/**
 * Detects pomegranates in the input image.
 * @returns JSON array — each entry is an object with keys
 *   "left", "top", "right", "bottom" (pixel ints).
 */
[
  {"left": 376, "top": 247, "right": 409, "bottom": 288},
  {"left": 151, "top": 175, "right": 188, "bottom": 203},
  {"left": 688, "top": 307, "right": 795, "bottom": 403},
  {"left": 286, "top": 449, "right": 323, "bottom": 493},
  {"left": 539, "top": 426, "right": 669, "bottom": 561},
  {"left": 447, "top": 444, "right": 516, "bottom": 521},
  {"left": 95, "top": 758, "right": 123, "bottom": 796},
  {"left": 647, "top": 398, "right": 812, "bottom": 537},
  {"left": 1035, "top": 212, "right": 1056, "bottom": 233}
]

:::::

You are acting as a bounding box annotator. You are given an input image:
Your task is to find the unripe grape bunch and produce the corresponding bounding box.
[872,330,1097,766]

:::::

* Problem statement *
Return each line above where the word "image" shows up.

* Result *
 * Detects pomegranates in the input image.
You are acting as a bounding box annotator. You are given an input image:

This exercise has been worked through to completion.